Meta expands AI-powered teen safety protections across its platforms
New teen safety tools will give parents more visibility through Meta’s Family Center.
Meta has announced new teen safety updates across Instagram, Facebook, and Messenger, including expanded age-appropriate content settings, AI-powered age detection, and new parental notification tools.
Meta said the updates are designed to ensure teens receive appropriate protections by default, give parents greater visibility into online activity and strengthen safeguards that support young people’s well-being.
Meta said its 13+ default content setting, recently introduced in India, is now rolling out globally across Instagram, Facebook, and Messenger. The setting is designed to limit exposure to age-inappropriate content by default, drawing on established content-rating principles and parent feedback.
On Facebook, the 13+ default setting is intended to hide content considered inappropriate for teens in areas such as Feed and Reels. It also limits teens’ ability to interact with Profiles, Pages, Groups, and Events that primarily post inappropriate content.
On Messenger, the 13+ default setting limits teens’ ability to view links to inappropriate Facebook content or chat with accounts that primarily share it.
Meta is also expanding its use of AI-powered age estimation systems to identify accounts that may belong to underage users. The company said the system analyses profile context, including birthday celebrations, school-grade mentions, posts, comments, bios, and captions, to assess whether an account is likely to belong to someone underage.
The company said it is adding visual analysis as another detection technique. According to Meta, the technology analyses photos and videos for general indicators associated with age, such as physical characteristics, but does not identify individuals and does not use facial recognition.
Meta said combining visual signals with text and interaction analysis could increase the number of underage accounts it identifies and removes.

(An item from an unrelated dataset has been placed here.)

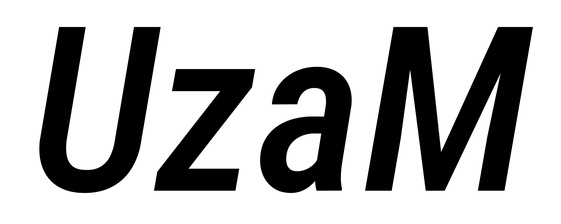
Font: Roboto-Italic_Condensed_Medium_Italic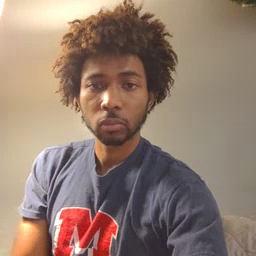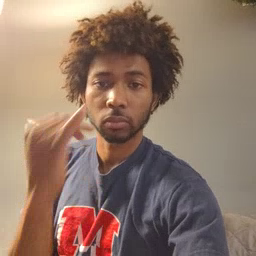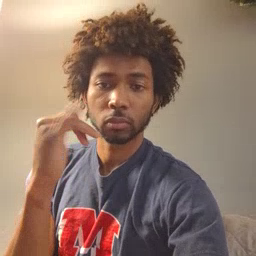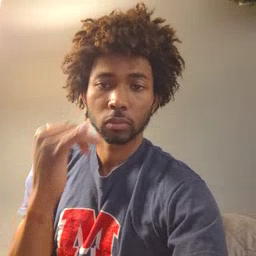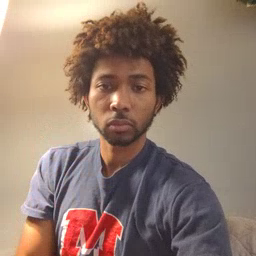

The technology will be expanded across additional parts of its apps, including Instagram Reels, Instagram Live, and Facebook Groups.
Instagram will also notify supervising parents if a teen repeatedly searches for terms related to suicide or self-harm within a short period, subject to supervision settings. Meta said the feature has been rolled out to supervising parents in the EU, Brazil, and India, with parents and teens receiving notifications that the alerts are on the way.
Parents using supervision can now manage their teens’ activity through Meta’s Family Center across Instagram, Meta Horizon, Facebook, and Messenger. Meta said parents will also be able to see a more holistic view of teen activity across its apps in the coming months, including aggregated time spent.
Why does it matter?
The announcement reflects a broader shift towards age-appropriate design, where platforms increasingly rely on default protections and automated systems rather than expecting young users or parents to configure safety settings themselves. AI-based age detection is becoming a central tool in efforts to identify underage users and enforce platform safeguards at scale.
The update also highlights ongoing debates about the balance between child protection, privacy and platform accountability. While automated age-estimation technologies may help improve online safety, regulators and civil society groups continue to scrutinise their accuracy, transparency and potential impact on users’ rights. As governments around the world consider stricter child online safety requirements, platform approaches such as Meta’s may influence future regulatory expectations.